In the case of handwashing with the omission of gloves and the donning of cleanroom gloves, results comply with the recommended microbiological monitoring of an operating Grade A cleanroom action limit of <1 cfu per 5 fingers/glove ¹². The number of colonies on plates used to test hands having undergone handwashing with the subsequent donning of non-sterile gloves prior to the donning process were out with these limits. With each of the variables, prior to donning, an increased number of colonies were observed on plates used to test the non-dominant hand, whilst following donning greater numbers were recorded on plates used to test the dominant hand.
Following the donning process there was a reduction in the number of bacteria on unwashed hands, suggesting the transfer during the procedure of bacteria to other locations including the garments. No bacteria were observed on plates used to test hands having undergone handwashing with the omission of gloves following this process, in compliance with regulatory limits ¹². Out with these limits, bacteria were observed on plates used to test the hands following donning wearing sterile cleanroom gloves and non-sterile gloves, with the latter in greater abundance.
4.3 Comparison of the Bacterial Contamination of Cleanroom Operators’ Garments following Donning
There was no significant difference observed between the number of contact plates displaying growth against the variable of no gloves, non–sterile gloves or sterile cleanroom gloves following either 24-hour and 48-hour incubation periods (Figure 1). However, a significant increase in the percentage of contact plates displaying growth at 48-hours, following a further 24-hour incubation period, was observed [**p<0.01].
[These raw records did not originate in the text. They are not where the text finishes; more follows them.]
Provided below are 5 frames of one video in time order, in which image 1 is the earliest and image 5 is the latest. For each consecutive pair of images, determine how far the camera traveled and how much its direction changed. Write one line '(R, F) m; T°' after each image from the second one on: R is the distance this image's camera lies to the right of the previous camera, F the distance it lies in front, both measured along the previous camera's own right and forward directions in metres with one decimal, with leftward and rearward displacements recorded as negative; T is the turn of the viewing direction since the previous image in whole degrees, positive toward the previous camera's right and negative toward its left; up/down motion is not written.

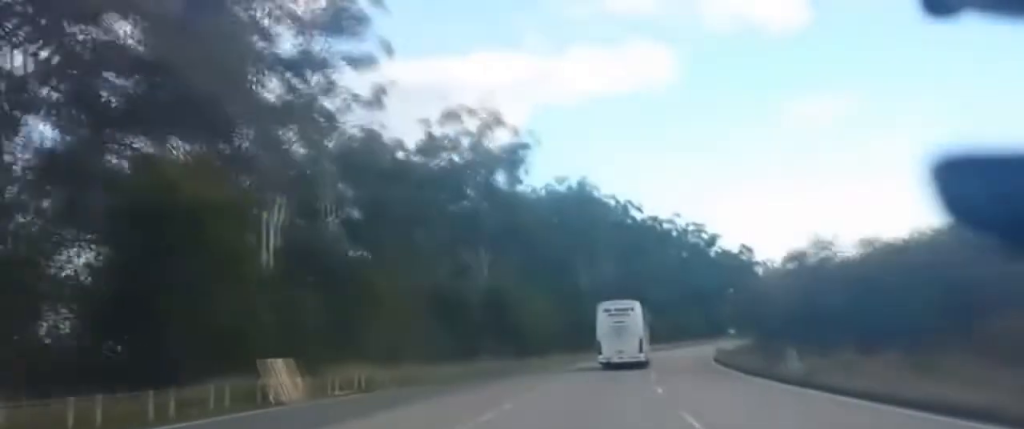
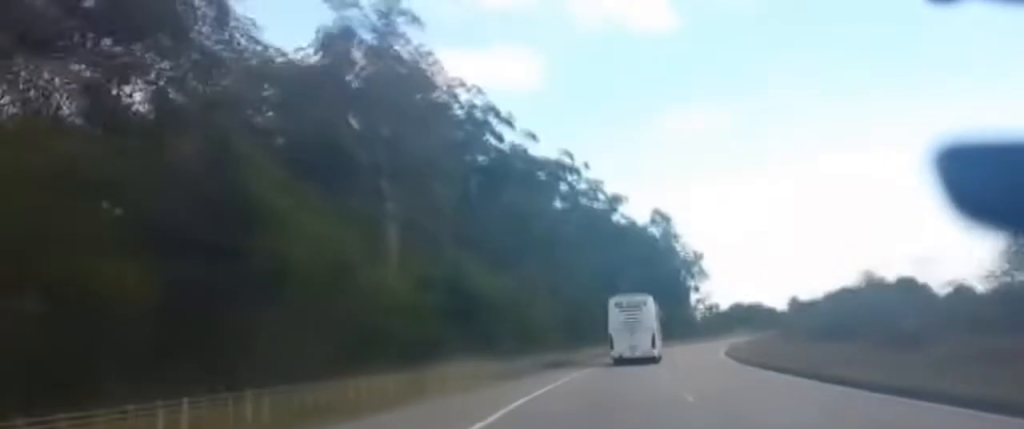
(+3.9, +82.0) m; +6°
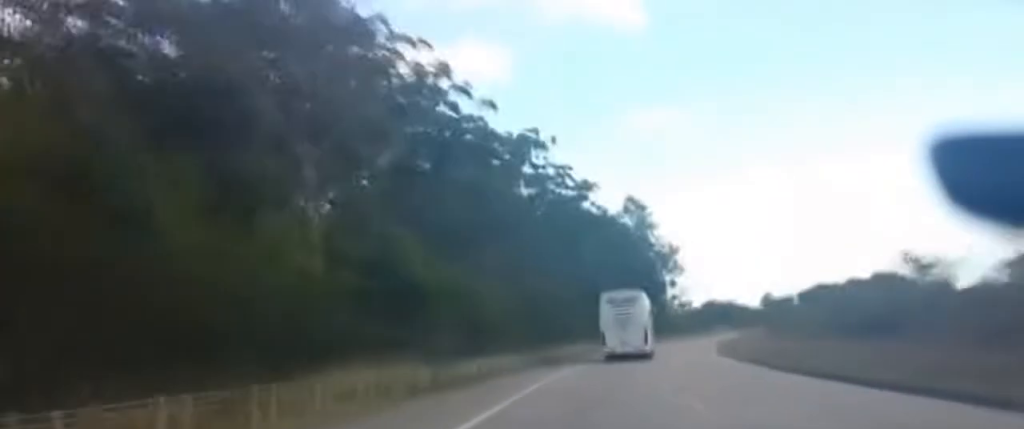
(+0.2, +13.5) m; +1°
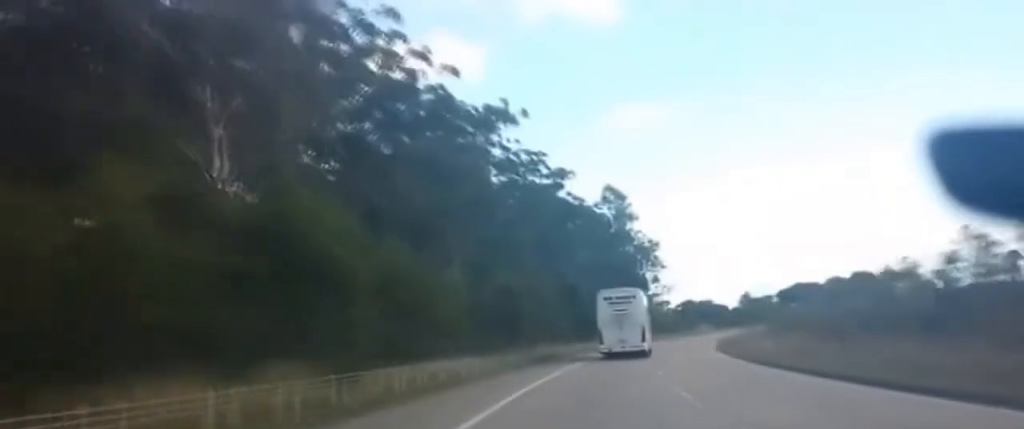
(0.0, +11.7) m; +1°
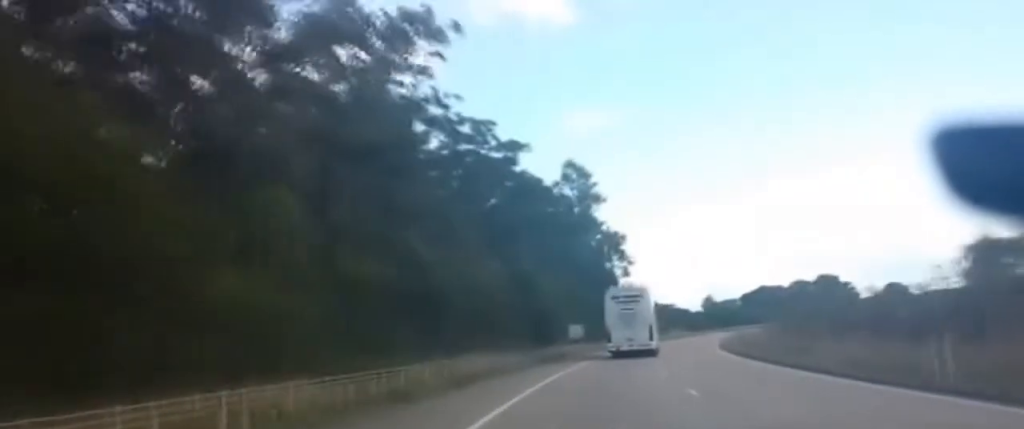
(+0.6, +26.9) m; +2°
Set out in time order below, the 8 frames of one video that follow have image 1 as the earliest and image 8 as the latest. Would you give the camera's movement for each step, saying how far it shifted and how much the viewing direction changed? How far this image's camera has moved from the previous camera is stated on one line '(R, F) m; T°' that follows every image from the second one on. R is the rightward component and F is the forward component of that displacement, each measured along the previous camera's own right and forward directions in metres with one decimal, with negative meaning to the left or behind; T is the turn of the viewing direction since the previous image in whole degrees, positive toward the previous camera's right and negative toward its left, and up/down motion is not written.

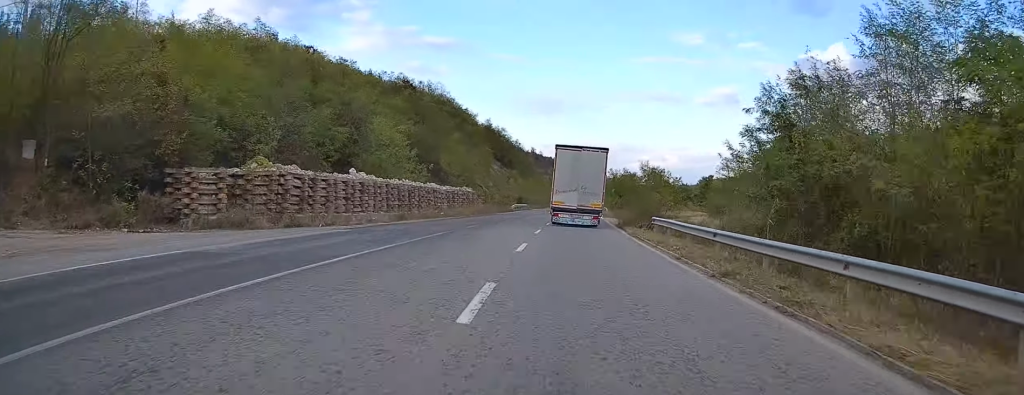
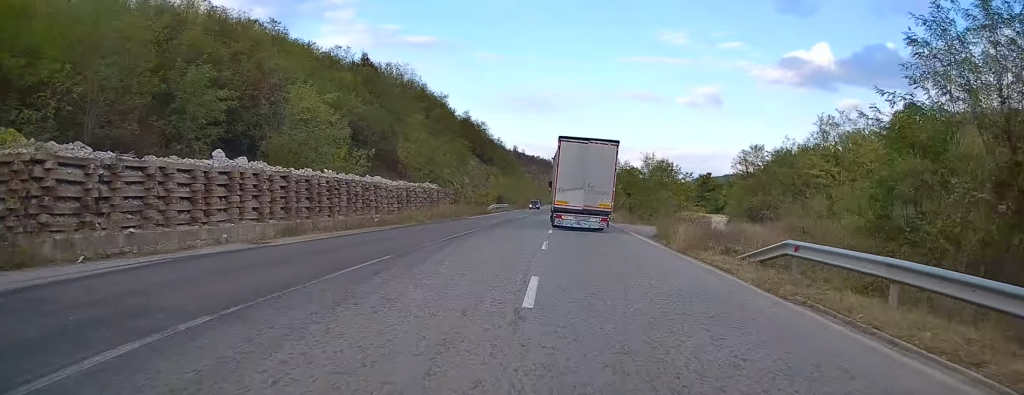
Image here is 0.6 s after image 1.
(+0.4, +16.8) m; +2°
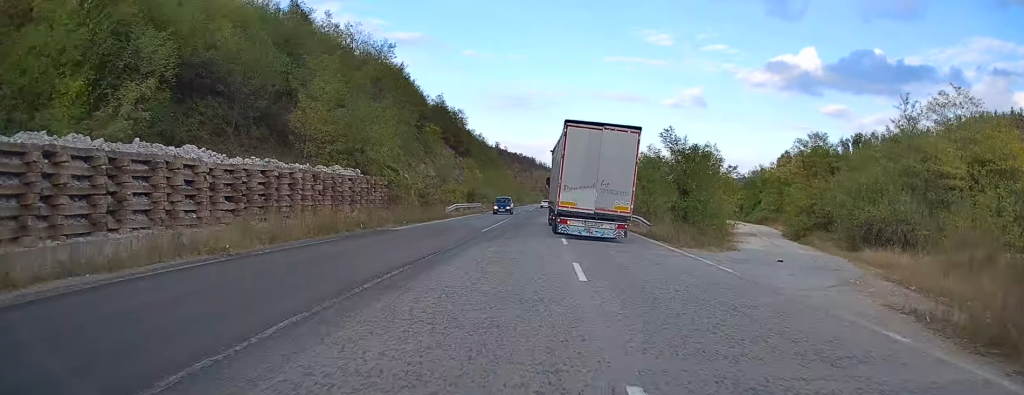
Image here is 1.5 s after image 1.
(+0.4, +24.3) m; +2°
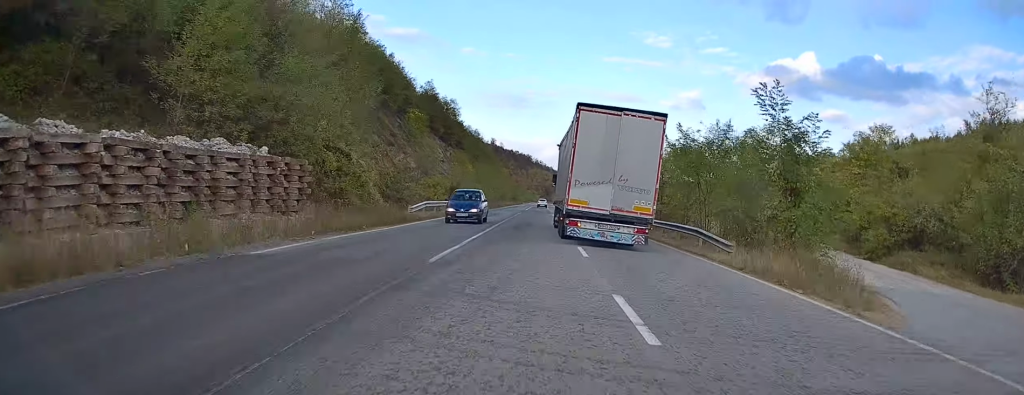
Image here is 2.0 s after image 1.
(+0.1, +13.7) m; +1°
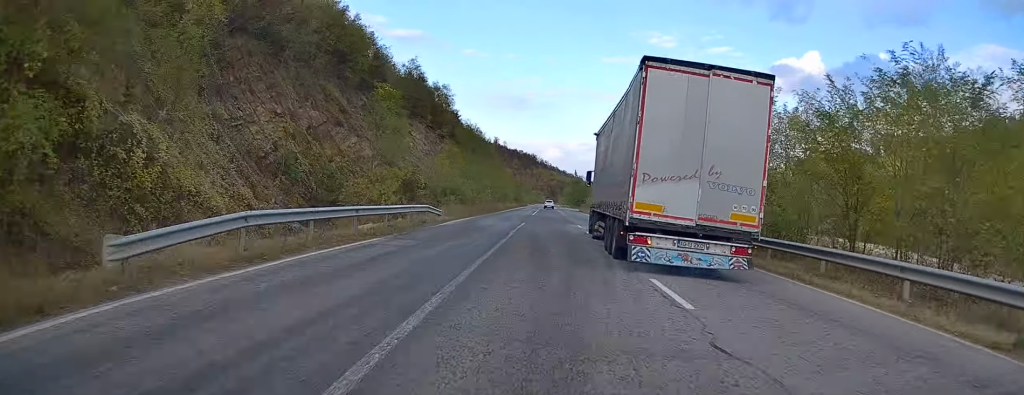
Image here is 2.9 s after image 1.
(+0.3, +25.0) m; +1°
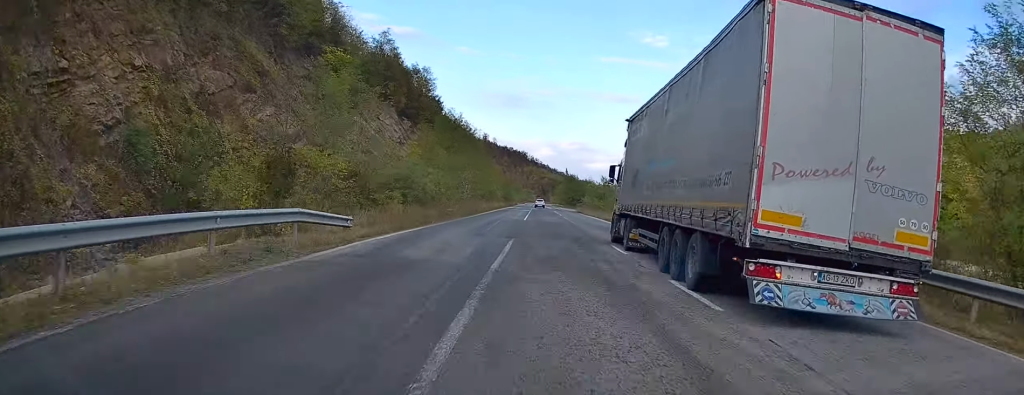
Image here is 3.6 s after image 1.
(+0.1, +17.9) m; 0°
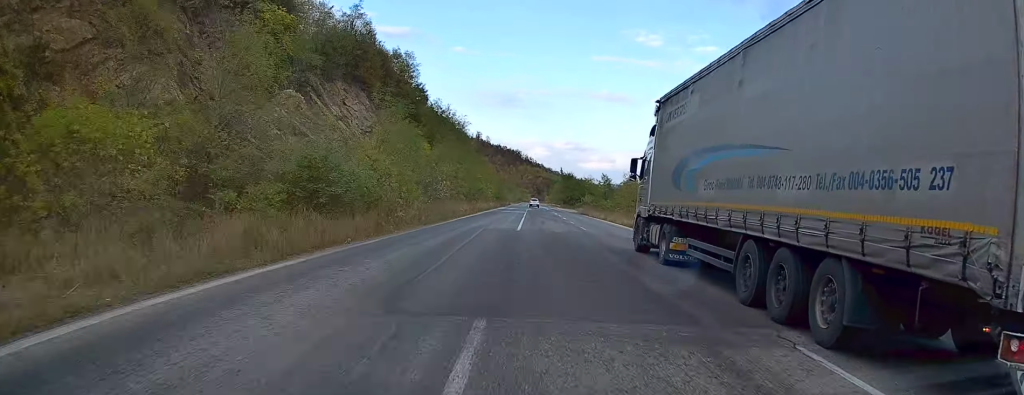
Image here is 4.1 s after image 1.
(0.0, +14.3) m; 0°
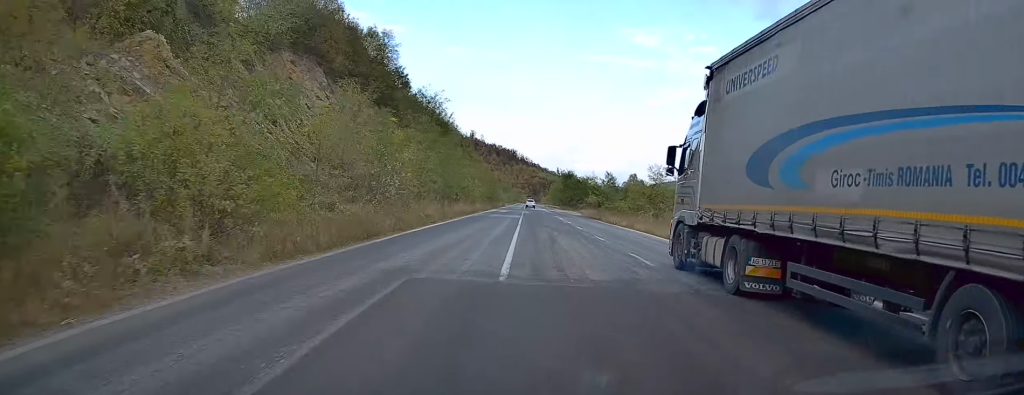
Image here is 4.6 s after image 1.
(0.0, +16.3) m; 0°

Figure 1: Comparison of the total percentage of contact plates displaying growth used to test the surface of garments donned by operators dressing wearing no gloves, non-sterile gloves or sterile cleanroom gloves following 24-hour and 48-hour incubation periods [**p<0.01].
A comparison of the levels of growth observed on contact plates used to test the surface of the garments was also investigated following both incubation periods (Figure 2). No significant difference was observed between the percentage of plates displaying low (1-9 cfu/plate), moderate (10-20 cfu/plate) or high-levels of growth (>20 cfu/plate) and the variable no gloves, non-sterile gloves or sterile cleanroom gloves, following either 24-hour and 48-hour incubation periods [p>0.05].
Figure 2: Comparison of the total percentage of contact plates displaying either 0 (no growth), 1-9 (low), 10-20 (moderate) or >20 (high-level of growth) cfu/plate used to test the surface of cleanroom garments donned by operators dressing wearing no gloves, non-sterile gloves or sterile cleanroom gloves following a. 24-hour and b. 48-hour incubation periods.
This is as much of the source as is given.